Instructions to follow: Each line of the data must be copied exactly.

# # # # #

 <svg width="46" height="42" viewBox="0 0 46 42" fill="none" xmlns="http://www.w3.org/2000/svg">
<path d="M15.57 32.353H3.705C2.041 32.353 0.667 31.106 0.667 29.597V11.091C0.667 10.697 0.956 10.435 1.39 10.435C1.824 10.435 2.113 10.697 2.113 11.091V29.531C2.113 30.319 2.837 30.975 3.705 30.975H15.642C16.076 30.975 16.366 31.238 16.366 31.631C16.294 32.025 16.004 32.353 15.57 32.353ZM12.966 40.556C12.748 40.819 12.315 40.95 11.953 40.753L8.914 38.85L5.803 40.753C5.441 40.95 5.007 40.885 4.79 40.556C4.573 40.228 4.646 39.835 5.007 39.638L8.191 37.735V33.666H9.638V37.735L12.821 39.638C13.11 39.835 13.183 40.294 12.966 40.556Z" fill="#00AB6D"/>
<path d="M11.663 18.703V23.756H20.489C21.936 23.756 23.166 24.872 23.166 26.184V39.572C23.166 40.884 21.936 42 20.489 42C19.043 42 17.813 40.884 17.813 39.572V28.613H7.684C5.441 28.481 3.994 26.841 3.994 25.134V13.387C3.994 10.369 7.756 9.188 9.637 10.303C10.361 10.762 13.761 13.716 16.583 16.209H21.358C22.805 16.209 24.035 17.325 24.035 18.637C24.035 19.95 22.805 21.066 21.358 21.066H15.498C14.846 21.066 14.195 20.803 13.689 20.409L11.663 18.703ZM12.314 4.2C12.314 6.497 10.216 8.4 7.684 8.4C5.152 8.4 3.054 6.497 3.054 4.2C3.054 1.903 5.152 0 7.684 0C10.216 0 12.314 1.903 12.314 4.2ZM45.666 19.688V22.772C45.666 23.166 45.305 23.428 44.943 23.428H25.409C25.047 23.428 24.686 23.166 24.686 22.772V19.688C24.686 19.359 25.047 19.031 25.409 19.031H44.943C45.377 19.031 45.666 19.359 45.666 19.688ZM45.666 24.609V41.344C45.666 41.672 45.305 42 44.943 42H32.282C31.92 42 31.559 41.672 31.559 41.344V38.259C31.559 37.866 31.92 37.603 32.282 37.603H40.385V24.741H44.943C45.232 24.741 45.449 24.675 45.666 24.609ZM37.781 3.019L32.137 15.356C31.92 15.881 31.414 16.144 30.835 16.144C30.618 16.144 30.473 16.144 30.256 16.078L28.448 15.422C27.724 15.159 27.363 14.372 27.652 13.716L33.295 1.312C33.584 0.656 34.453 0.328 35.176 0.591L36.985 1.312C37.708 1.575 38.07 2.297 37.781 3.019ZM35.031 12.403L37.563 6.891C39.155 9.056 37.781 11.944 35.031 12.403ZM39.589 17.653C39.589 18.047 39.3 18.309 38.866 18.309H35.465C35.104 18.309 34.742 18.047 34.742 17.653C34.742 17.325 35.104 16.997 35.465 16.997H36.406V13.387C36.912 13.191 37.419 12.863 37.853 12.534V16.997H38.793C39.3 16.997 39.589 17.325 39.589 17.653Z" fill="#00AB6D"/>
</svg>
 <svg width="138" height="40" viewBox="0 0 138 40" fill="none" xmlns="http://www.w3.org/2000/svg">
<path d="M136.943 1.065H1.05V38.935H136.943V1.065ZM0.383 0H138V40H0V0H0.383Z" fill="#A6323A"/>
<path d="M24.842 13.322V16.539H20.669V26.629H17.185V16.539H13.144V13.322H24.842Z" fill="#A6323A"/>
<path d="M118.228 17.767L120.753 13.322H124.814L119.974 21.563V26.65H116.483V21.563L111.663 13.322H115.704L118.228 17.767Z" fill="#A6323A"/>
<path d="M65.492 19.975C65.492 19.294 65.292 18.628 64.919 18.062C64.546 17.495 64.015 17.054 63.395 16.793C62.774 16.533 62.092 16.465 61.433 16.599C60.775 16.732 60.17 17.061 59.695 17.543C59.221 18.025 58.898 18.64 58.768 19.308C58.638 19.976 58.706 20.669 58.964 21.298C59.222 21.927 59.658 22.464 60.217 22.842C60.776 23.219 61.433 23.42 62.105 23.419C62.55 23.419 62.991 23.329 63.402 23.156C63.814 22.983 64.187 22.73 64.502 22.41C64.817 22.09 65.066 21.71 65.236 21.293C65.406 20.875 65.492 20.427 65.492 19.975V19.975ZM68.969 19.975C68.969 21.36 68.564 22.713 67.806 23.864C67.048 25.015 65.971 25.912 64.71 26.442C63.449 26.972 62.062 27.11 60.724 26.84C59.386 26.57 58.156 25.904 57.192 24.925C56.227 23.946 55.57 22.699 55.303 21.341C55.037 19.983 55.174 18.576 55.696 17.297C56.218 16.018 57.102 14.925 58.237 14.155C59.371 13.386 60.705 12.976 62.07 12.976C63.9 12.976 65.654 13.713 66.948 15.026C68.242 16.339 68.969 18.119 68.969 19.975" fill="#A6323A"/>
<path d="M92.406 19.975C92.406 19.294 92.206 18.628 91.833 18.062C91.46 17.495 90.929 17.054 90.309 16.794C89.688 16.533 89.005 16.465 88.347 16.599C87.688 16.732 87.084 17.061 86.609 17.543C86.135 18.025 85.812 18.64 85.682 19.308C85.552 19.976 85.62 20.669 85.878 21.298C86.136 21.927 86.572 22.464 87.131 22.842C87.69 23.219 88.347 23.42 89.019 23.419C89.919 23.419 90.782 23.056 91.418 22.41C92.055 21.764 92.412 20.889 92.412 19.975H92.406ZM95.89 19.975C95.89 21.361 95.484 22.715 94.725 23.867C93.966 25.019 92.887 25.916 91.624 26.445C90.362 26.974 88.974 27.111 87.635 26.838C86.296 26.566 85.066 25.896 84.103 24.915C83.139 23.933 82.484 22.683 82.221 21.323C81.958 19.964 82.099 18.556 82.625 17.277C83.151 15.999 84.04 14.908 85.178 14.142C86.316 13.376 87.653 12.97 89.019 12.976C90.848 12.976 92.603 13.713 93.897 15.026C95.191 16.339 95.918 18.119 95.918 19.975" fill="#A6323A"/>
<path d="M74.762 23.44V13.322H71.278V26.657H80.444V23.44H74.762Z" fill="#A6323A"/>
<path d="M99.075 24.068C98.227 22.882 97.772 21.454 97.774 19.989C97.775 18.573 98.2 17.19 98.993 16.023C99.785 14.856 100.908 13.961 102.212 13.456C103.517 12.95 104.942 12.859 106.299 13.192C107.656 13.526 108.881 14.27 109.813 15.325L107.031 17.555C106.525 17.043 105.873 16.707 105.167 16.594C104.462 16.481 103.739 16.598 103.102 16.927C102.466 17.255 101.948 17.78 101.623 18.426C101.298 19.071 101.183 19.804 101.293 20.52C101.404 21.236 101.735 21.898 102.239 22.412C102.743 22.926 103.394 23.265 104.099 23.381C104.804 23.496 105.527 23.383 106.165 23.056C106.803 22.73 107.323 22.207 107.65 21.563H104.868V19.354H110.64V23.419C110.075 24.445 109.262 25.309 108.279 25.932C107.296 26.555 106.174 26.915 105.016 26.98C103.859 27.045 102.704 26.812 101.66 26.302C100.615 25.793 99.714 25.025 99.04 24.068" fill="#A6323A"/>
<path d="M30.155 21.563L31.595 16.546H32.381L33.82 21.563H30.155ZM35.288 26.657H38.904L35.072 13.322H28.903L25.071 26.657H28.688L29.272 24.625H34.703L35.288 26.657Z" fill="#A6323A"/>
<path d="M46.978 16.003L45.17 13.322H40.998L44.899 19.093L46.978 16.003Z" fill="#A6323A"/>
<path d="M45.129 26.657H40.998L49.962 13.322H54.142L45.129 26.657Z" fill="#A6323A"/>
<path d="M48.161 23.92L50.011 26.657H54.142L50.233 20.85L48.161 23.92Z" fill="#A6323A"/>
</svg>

# # # # #

Your response:
 <svg width="46" height="42" viewBox="0 0 46 42" fill="none" xmlns="http://www.w3.org/2000/svg">
<path d="M15.57 32.353H3.705C2.041 32.353 0.667 31.106 0.667 29.597V11.091C0.667 10.697 0.956 10.435 1.39 10.435C1.824 10.435 2.113 10.697 2.113 11.091V29.531C2.113 30.319 2.837 30.975 3.705 30.975H15.642C16.076 30.975 16.366 31.238 16.366 31.631C16.294 32.025 16.004 32.353 15.57 32.353ZM12.966 40.556C12.748 40.819 12.315 40.95 11.953 40.753L8.914 38.85L5.803 40.753C5.441 40.95 5.007 40.885 4.79 40.556C4.573 40.228 4.646 39.835 5.007 39.638L8.191 37.735V33.666H9.638V37.735L12.821 39.638C13.11 39.835 13.183 40.294 12.966 40.556Z" fill="#00AB6D"/>
<path d="M11.663 18.703V23.756H20.489C21.936 23.756 23.166 24.872 23.166 26.184V39.572C23.166 40.884 21.936 42 20.489 42C19.043 42 17.813 40.884 17.813 39.572V28.613H7.684C5.441 28.481 3.994 26.841 3.994 25.134V13.387C3.994 10.369 7.756 9.188 9.637 10.303C10.361 10.762 13.761 13.716 16.583 16.209H21.358C22.805 16.209 24.035 17.325 24.035 18.637C24.035 19.95 22.805 21.066 21.358 21.066H15.498C14.846 21.066 14.195 20.803 13.689 20.409L11.663 18.703ZM12.314 4.2C12.314 6.497 10.216 8.4 7.684 8.4C5.152 8.4 3.054 6.497 3.054 4.2C3.054 1.903 5.152 0 7.684 0C10.216 0 12.314 1.903 12.314 4.2ZM45.666 19.688V22.772C45.666 23.166 45.305 23.428 44.943 23.428H25.409C25.047 23.428 24.686 23.166 24.686 22.772V19.688C24.686 19.359 25.047 19.031 25.409 19.031H44.943C45.377 19.031 45.666 19.359 45.666 19.688ZM45.666 24.609V41.344C45.666 41.672 45.305 42 44.943 42H32.282C31.92 42 31.559 41.672 31.559 41.344V38.259C31.559 37.866 31.92 37.603 32.282 37.603H40.385V24.741H44.943C45.232 24.741 45.449 24.675 45.666 24.609ZM37.781 3.019L32.137 15.356C31.92 15.881 31.414 16.144 30.835 16.144C30.618 16.144 30.473 16.144 30.256 16.078L28.448 15.422C27.724 15.159 27.363 14.372 27.652 13.716L33.295 1.312C33.584 0.656 34.453 0.328 35.176 0.591L36.985 1.312C37.708 1.575 38.07 2.297 37.781 3.019ZM35.031 12.403L37.563 6.891C39.155 9.056 37.781 11.944 35.031 12.403ZM39.589 17.653C39.589 18.047 39.3 18.309 38.866 18.309H35.465C35.104 18.309 34.742 18.047 34.742 17.653C34.742 17.325 35.104 16.997 35.465 16.997H36.406V13.387C36.912 13.191 37.419 12.863 37.853 12.534V16.997H38.793C39.3 16.997 39.589 17.325 39.589 17.653Z" fill="#00AB6D"/>
</svg>
 <svg width="138" height="40" viewBox="0 0 138 40" fill="none" xmlns="http://www.w3.org/2000/svg">
<path d="M136.943 1.065H1.05V38.935H136.943V1.065ZM0.383 0H138V40H0V0H0.383Z" fill="#A6323A"/>
<path d="M24.842 13.322V16.539H20.669V26.629H17.185V16.539H13.144V13.322H24.842Z" fill="#A6323A"/>
<path d="M118.228 17.767L120.753 13.322H124.814L119.974 21.563V26.65H116.483V21.563L111.663 13.322H115.704L118.228 17.767Z" fill="#A6323A"/>
<path d="M65.492 19.975C65.492 19.294 65.292 18.628 64.919 18.062C64.546 17.495 64.015 17.054 63.395 16.793C62.774 16.533 62.092 16.465 61.433 16.599C60.775 16.732 60.17 17.061 59.695 17.543C59.221 18.025 58.898 18.64 58.768 19.308C58.638 19.976 58.706 20.669 58.964 21.298C59.222 21.927 59.658 22.464 60.217 22.842C60.776 23.219 61.433 23.42 62.105 23.419C62.55 23.419 62.991 23.329 63.402 23.156C63.814 22.983 64.187 22.73 64.502 22.41C64.817 22.09 65.066 21.71 65.236 21.293C65.406 20.875 65.492 20.427 65.492 19.975V19.975ZM68.969 19.975C68.969 21.36 68.564 22.713 67.806 23.864C67.048 25.015 65.971 25.912 64.71 26.442C63.449 26.972 62.062 27.11 60.724 26.84C59.386 26.57 58.156 25.904 57.192 24.925C56.227 23.946 55.57 22.699 55.303 21.341C55.037 19.983 55.174 18.576 55.696 17.297C56.218 16.018 57.102 14.925 58.237 14.155C59.371 13.386 60.705 12.976 62.07 12.976C63.9 12.976 65.654 13.713 66.948 15.026C68.242 16.339 68.969 18.119 68.969 19.975" fill="#A6323A"/>
<path d="M92.406 19.975C92.406 19.294 92.206 18.628 91.833 18.062C91.46 17.495 90.929 17.054 90.309 16.794C89.688 16.533 89.005 16.465 88.347 16.599C87.688 16.732 87.084 17.061 86.609 17.543C86.135 18.025 85.812 18.64 85.682 19.308C85.552 19.976 85.62 20.669 85.878 21.298C86.136 21.927 86.572 22.464 87.131 22.842C87.69 23.219 88.347 23.42 89.019 23.419C89.919 23.419 90.782 23.056 91.418 22.41C92.055 21.764 92.412 20.889 92.412 19.975H92.406ZM95.89 19.975C95.89 21.361 95.484 22.715 94.725 23.867C93.966 25.019 92.887 25.916 91.624 26.445C90.362 26.974 88.974 27.111 87.635 26.838C86.296 26.566 85.066 25.896 84.103 24.915C83.139 23.933 82.484 22.683 82.221 21.323C81.958 19.964 82.099 18.556 82.625 17.277C83.151 15.999 84.04 14.908 85.178 14.142C86.316 13.376 87.653 12.97 89.019 12.976C90.848 12.976 92.603 13.713 93.897 15.026C95.191 16.339 95.918 18.119 95.918 19.975" fill="#A6323A"/>
<path d="M74.762 23.44V13.322H71.278V26.657H80.444V23.44H74.762Z" fill="#A6323A"/>
<path d="M99.075 24.068C98.227 22.882 97.772 21.454 97.774 19.989C97.775 18.573 98.2 17.19 98.993 16.023C99.785 14.856 100.908 13.961 102.212 13.456C103.517 12.95 104.942 12.859 106.299 13.192C107.656 13.526 108.881 14.27 109.813 15.325L107.031 17.555C106.525 17.043 105.873 16.707 105.167 16.594C104.462 16.481 103.739 16.598 103.102 16.927C102.466 17.255 101.948 17.78 101.623 18.426C101.298 19.071 101.183 19.804 101.293 20.52C101.404 21.236 101.735 21.898 102.239 22.412C102.743 22.926 103.394 23.265 104.099 23.381C104.804 23.496 105.527 23.383 106.165 23.056C106.803 22.73 107.323 22.207 107.65 21.563H104.868V19.354H110.64V23.419C110.075 24.445 109.262 25.309 108.279 25.932C107.296 26.555 106.174 26.915 105.016 26.98C103.859 27.045 102.704 26.812 101.66 26.302C100.615 25.793 99.714 25.025 99.04 24.068" fill="#A6323A"/>
<path d="M30.155 21.563L31.595 16.546H32.381L33.82 21.563H30.155ZM35.288 26.657H38.904L35.072 13.322H28.903L25.071 26.657H28.688L29.272 24.625H34.703L35.288 26.657Z" fill="#A6323A"/>
<path d="M46.978 16.003L45.17 13.322H40.998L44.899 19.093L46.978 16.003Z" fill="#A6323A"/>
<path d="M45.129 26.657H40.998L49.962 13.322H54.142L45.129 26.657Z" fill="#A6323A"/>
<path d="M48.161 23.92L50.011 26.657H54.142L50.233 20.85L48.161 23.92Z" fill="#A6323A"/>
</svg>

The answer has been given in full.